Prompt:
Repeat each entry exactly and drop the pictures.

Data:

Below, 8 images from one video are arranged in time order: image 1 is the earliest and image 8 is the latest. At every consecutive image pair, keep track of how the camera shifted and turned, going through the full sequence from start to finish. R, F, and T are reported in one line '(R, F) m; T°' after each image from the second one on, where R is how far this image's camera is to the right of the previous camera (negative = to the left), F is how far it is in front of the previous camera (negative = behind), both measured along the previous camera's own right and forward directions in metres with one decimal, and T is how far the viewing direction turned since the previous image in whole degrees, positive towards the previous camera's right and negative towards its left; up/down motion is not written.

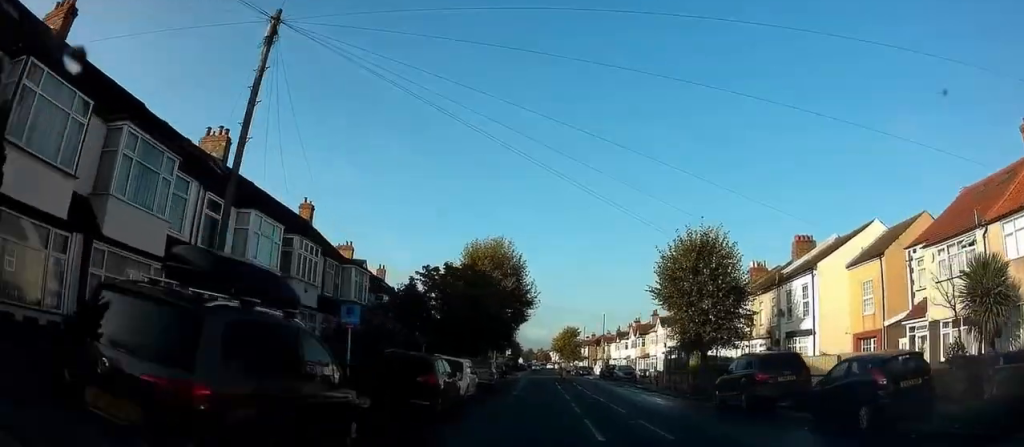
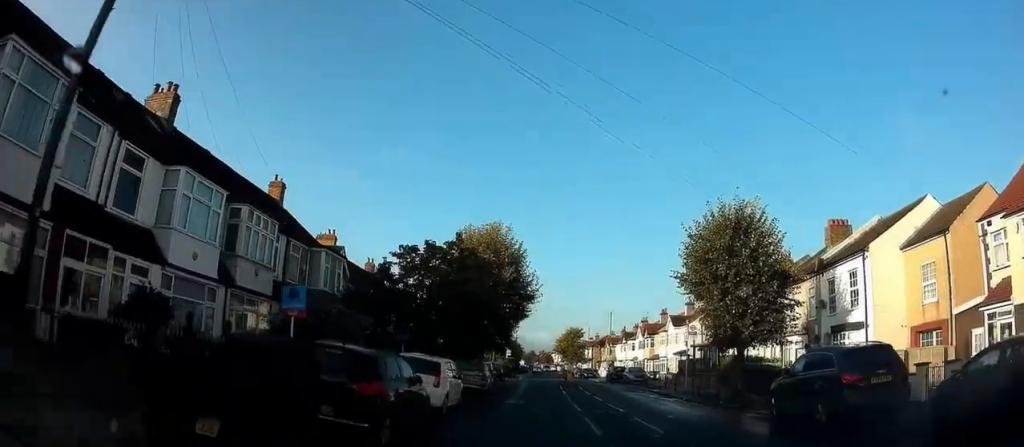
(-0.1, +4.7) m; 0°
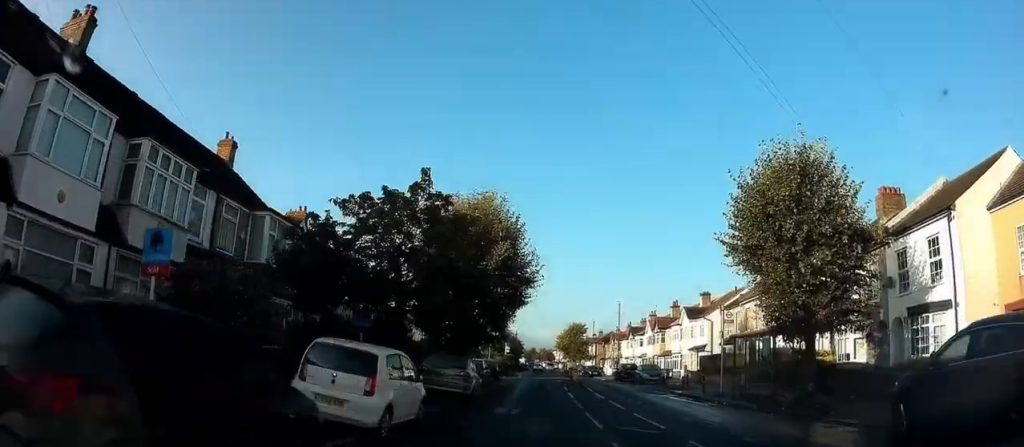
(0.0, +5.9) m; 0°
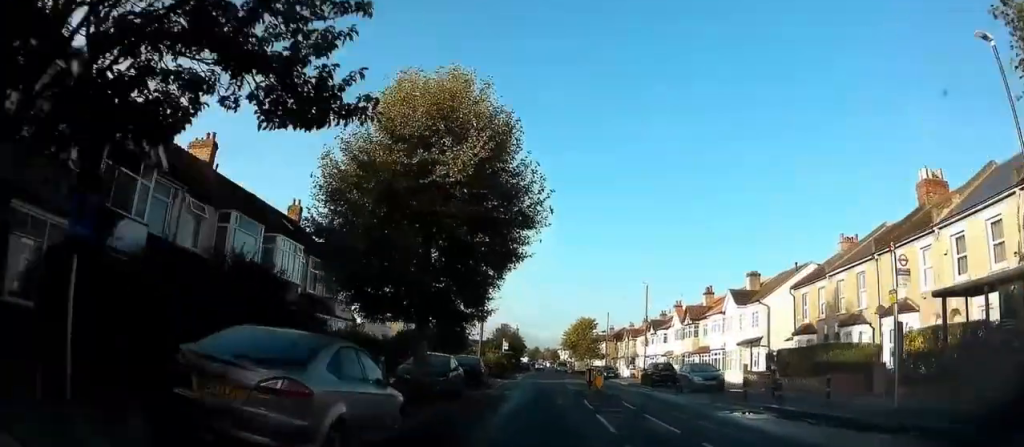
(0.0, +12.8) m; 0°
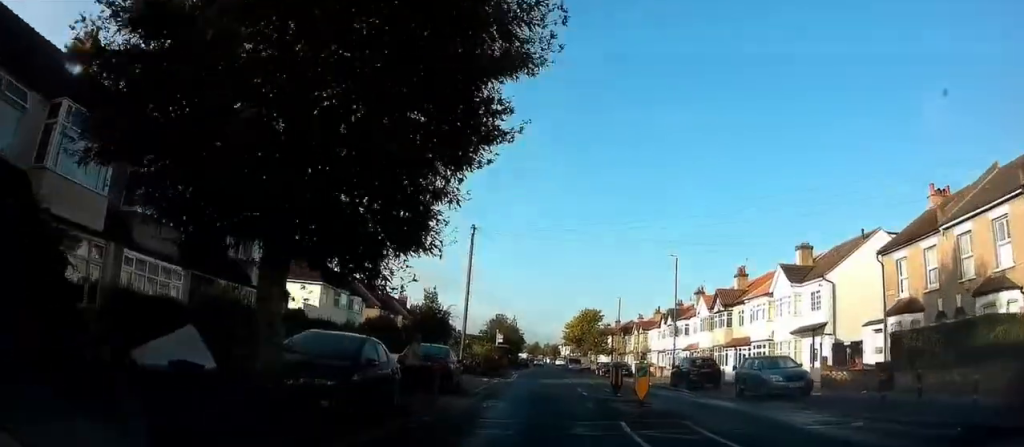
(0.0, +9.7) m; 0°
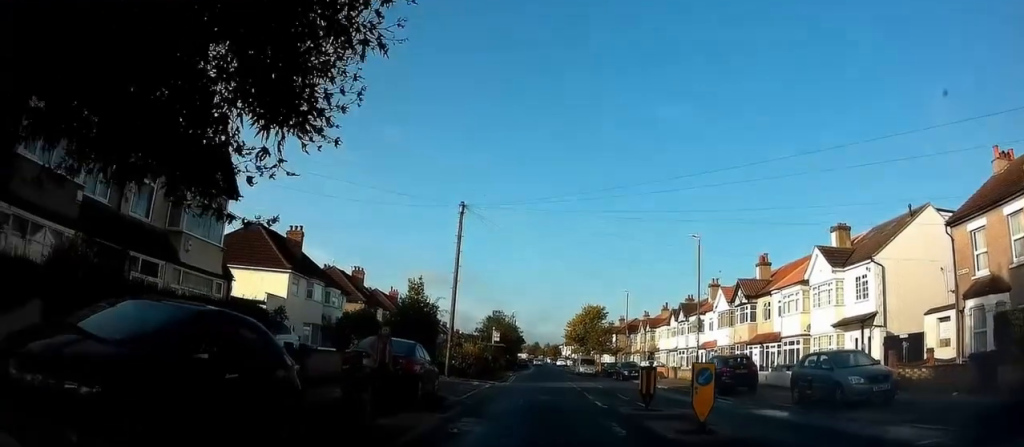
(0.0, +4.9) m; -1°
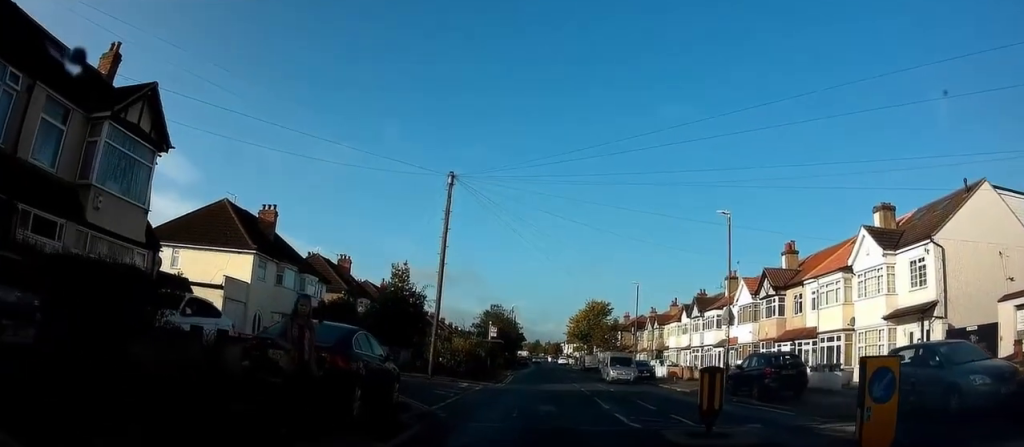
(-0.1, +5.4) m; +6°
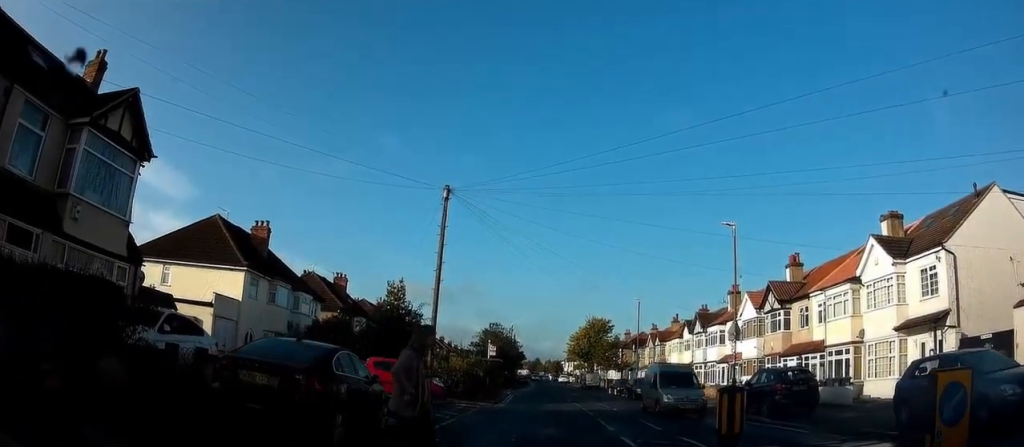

Reply:
Below, 8 images from one video are arranged in time order: image 1 is the earliest and image 8 is the latest. At every consecutive image pair, keep track of how the camera shifted and turned, going through the full sequence from start to finish. R, F, and T are reported in one line '(R, F) m; T°' after each image from the second one on, where R is how far this image's camera is to the right of the previous camera (negative = to the left), F is how far it is in front of the previous camera (negative = behind), both measured along the previous camera's own right and forward directions in metres with one decimal, and T is how far the viewing direction turned since the previous image in whole degrees, positive towards the previous camera's right and negative towards its left; up/down motion is not written.

(-0.1, +4.7) m; 0°
(0.0, +5.9) m; 0°
(0.0, +12.8) m; 0°
(0.0, +9.7) m; 0°
(0.0, +4.9) m; -1°
(-0.1, +5.4) m; +6°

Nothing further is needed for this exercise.